**Data provided**:

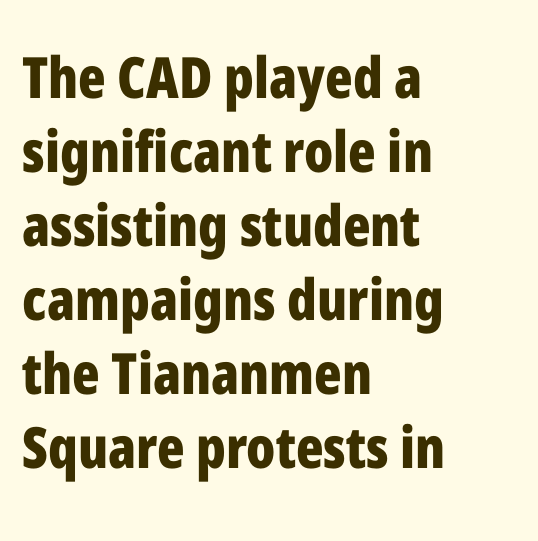
The image shows 57 px bold, condensed sans-serif type, upright; set left-aligned, normal line spacing (1.3x), normal letter spacing, not underlined; low stroke contrast and a medium x-height.
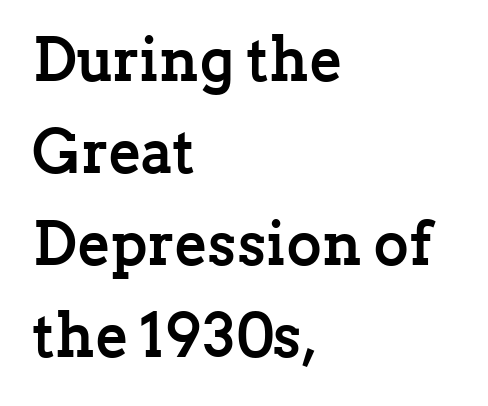
{"serif": "yes", "italic": "no", "bold": "yes", "weight": "semibold", "width": "normal", "stroke_contrast": "low", "x_height": "medium", "monospaced": "no", "underline": "no", "align": "left", "line_spacing": "normal", "line_spacing_ratio": 1.51, "letter_spacing": "normal", "letter_spacing_em": 0.0, "glyph_px": 61}
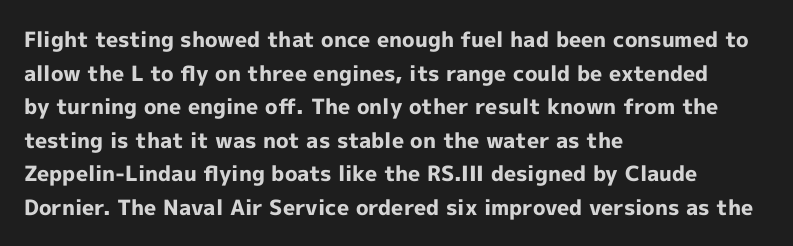
Q: Is the text bold? A: Yes.
Q: Is the text italic (slanted)? A: No, it is upright.
Q: Is the text underlined? A: No.
Q: How is the paragraph aligned? A: Left-aligned.
Q: Is the spacing between letters normal or unusually wide? A: Normal.
Q: Is the spacing between lines tight, normal or loose? A: Normal.
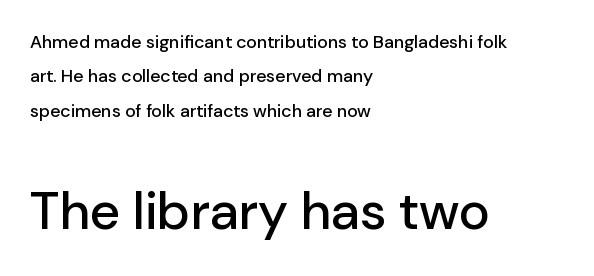
{"serif": "no", "italic": "no", "width": "normal", "stroke_contrast": "low", "x_height": "medium", "monospaced": "no", "underline": "no", "align": "left", "line_spacing": "loose", "line_spacing_ratio": 1.91, "letter_spacing": "normal", "letter_spacing_em": 0.0, "larger_block": "second", "size_ratio": 2.94, "glyph_px": 53}
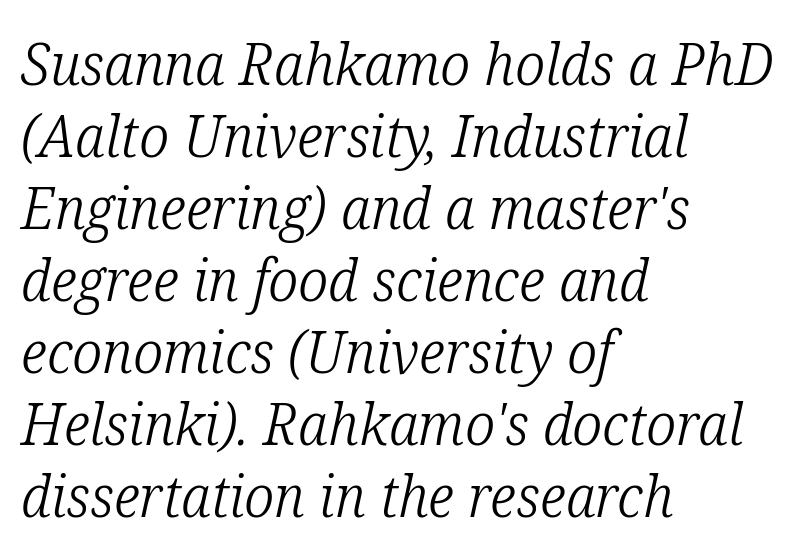
Q: Is the text bold? A: No.
Q: Is the text italic (slanted)? A: Yes, it leans right by about 12 degrees.
Q: Is the typeface a serif or a sans-serif typeface? A: Serif.
Q: Is the text underlined? A: No.
Q: How is the paragraph aligned? A: Left-aligned.
Q: Is the spacing between letters normal or unusually wide? A: Normal.
Q: Width (condensed, normal, or wide)? A: Condensed.
Q: Stroke contrast? A: Low.
Q: x-height? A: Medium.
Q: Monospaced? A: No.
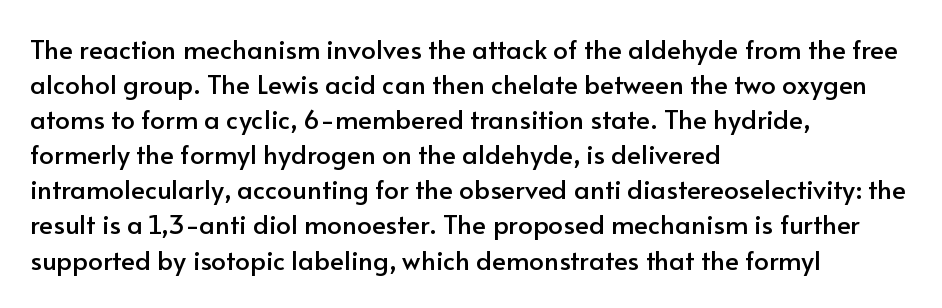
Q: Is the text italic (slanted)? A: No, it is upright.
Q: Is the text underlined? A: No.
Q: How is the paragraph aligned? A: Left-aligned.
Q: Is the spacing between letters normal or unusually wide? A: Normal.
Q: Is the spacing between lines tight, normal or loose? A: Normal.
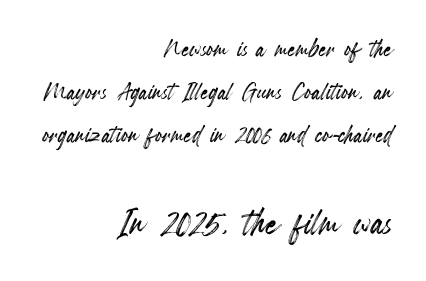
{"width": "condensed", "x_height": "small", "monospaced": "no", "underline": "no", "align": "right", "line_spacing": "normal", "line_spacing_ratio": 1.39, "letter_spacing": "normal", "letter_spacing_em": 0.0, "larger_block": "second", "size_ratio": 1.52, "glyph_px": 47}
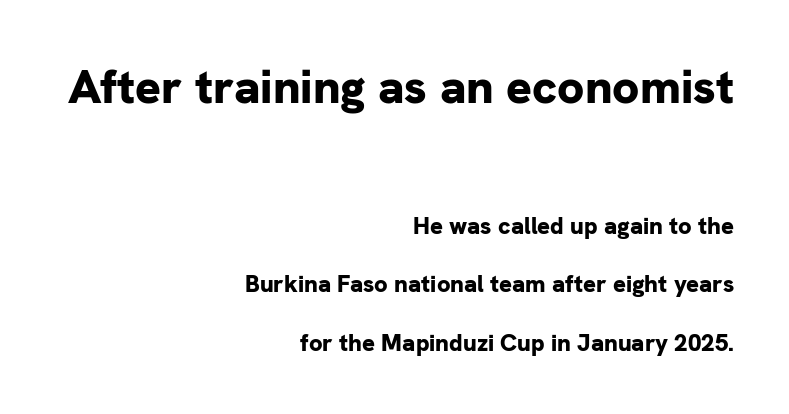
The image shows 48 px bold sans-serif type, upright; set right-aligned, loose line spacing (2.43x), normal letter spacing, not underlined; the first (top) block is 2.0x larger; low stroke contrast and a medium x-height.
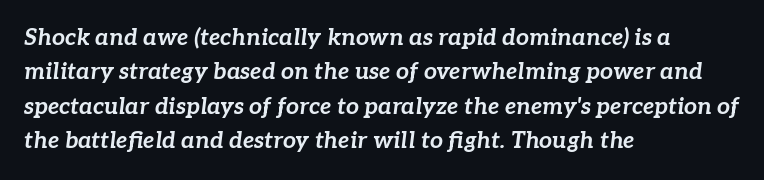
Q: Is the text bold? A: Yes.
Q: Is the text italic (slanted)? A: Yes, it leans right by about 7 degrees.
Q: Is the text underlined? A: No.
Q: How is the paragraph aligned? A: Left-aligned.
Q: Is the spacing between letters normal or unusually wide? A: Normal.
Q: Is the spacing between lines tight, normal or loose? A: Normal.
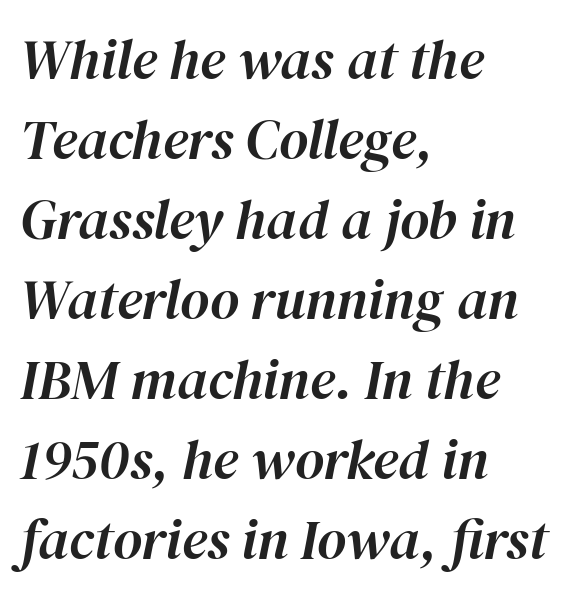
Q: Is the text italic (slanted)? A: Yes, it leans right by about 12 degrees.
Q: Is the text underlined? A: No.
Q: How is the paragraph aligned? A: Left-aligned.
Q: Is the spacing between letters normal or unusually wide? A: Normal.
Q: Is the spacing between lines tight, normal or loose? A: Normal.
Q: Width (condensed, normal, or wide)? A: Normal.
Q: Stroke contrast? A: High.
Q: x-height? A: Medium.
Q: Monospaced? A: No.
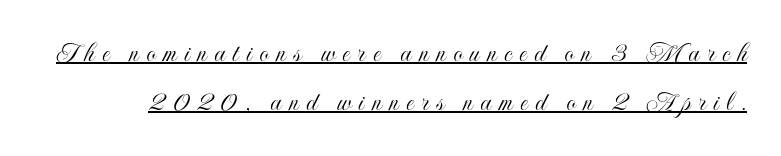
The image shows 29 px condensed type; set normal line spacing (1.69x), unusually wide letter spacing (+0.26 em), underlined; a small x-height.
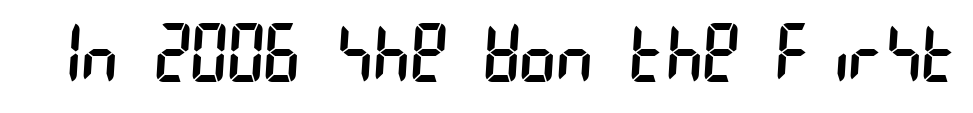
The image shows 78 px regular-weight, condensed sans-serif type; set normal letter spacing, not underlined; low stroke contrast and a large x-height.
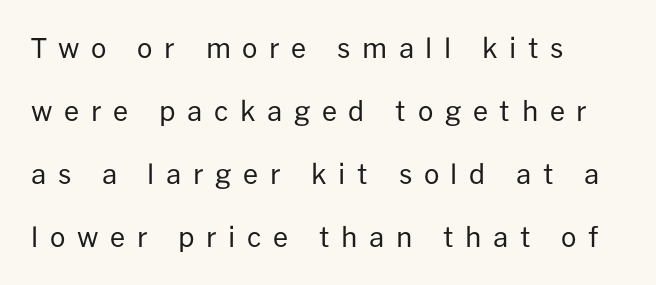
{"italic": "no", "bold": "no", "underline": "no", "align": "left", "line_spacing": "loose", "line_spacing_ratio": 2.33, "letter_spacing": "wide", "letter_spacing_em": 0.43, "glyph_px": 27}

**Activity**:
From the first line of the entries above through the line with "Q: Is the typeface", set down each line exactly and drop the pictures.

**Finished exercise**:
The image shows 57 px bold, condensed sans-serif type, upright; set left-aligned, normal line spacing (1.3x), normal letter spacing, not underlined; low stroke contrast and a medium x-height.
{"serif": "yes", "italic": "no", "bold": "yes", "weight": "semibold", "width": "normal", "stroke_contrast": "low", "x_height": "medium", "monospaced": "no", "underline": "no", "align": "left", "line_spacing": "normal", "line_spacing_ratio": 1.51, "letter_spacing": "normal", "letter_spacing_em": 0.0, "glyph_px": 61}
Q: Is the text bold? A: Yes.
Q: Is the text italic (slanted)? A: No, it is upright.
Q: Is the text underlined? A: No.
Q: How is the paragraph aligned? A: Left-aligned.
Q: Is the spacing between letters normal or unusually wide? A: Normal.
Q: Is the spacing between lines tight, normal or loose? A: Normal.
{"serif": "no", "italic": "no", "width": "normal", "stroke_contrast": "low", "x_height": "medium", "monospaced": "no", "underline": "no", "align": "left", "line_spacing": "loose", "line_spacing_ratio": 1.91, "letter_spacing": "normal", "letter_spacing_em": 0.0, "larger_block": "second", "size_ratio": 2.94, "glyph_px": 53}
Q: Is the text bold? A: No.
Q: Is the text italic (slanted)? A: Yes, it leans right by about 12 degrees.
Q: Is the typeface a serif or a sans-serif typeface? A: Serif.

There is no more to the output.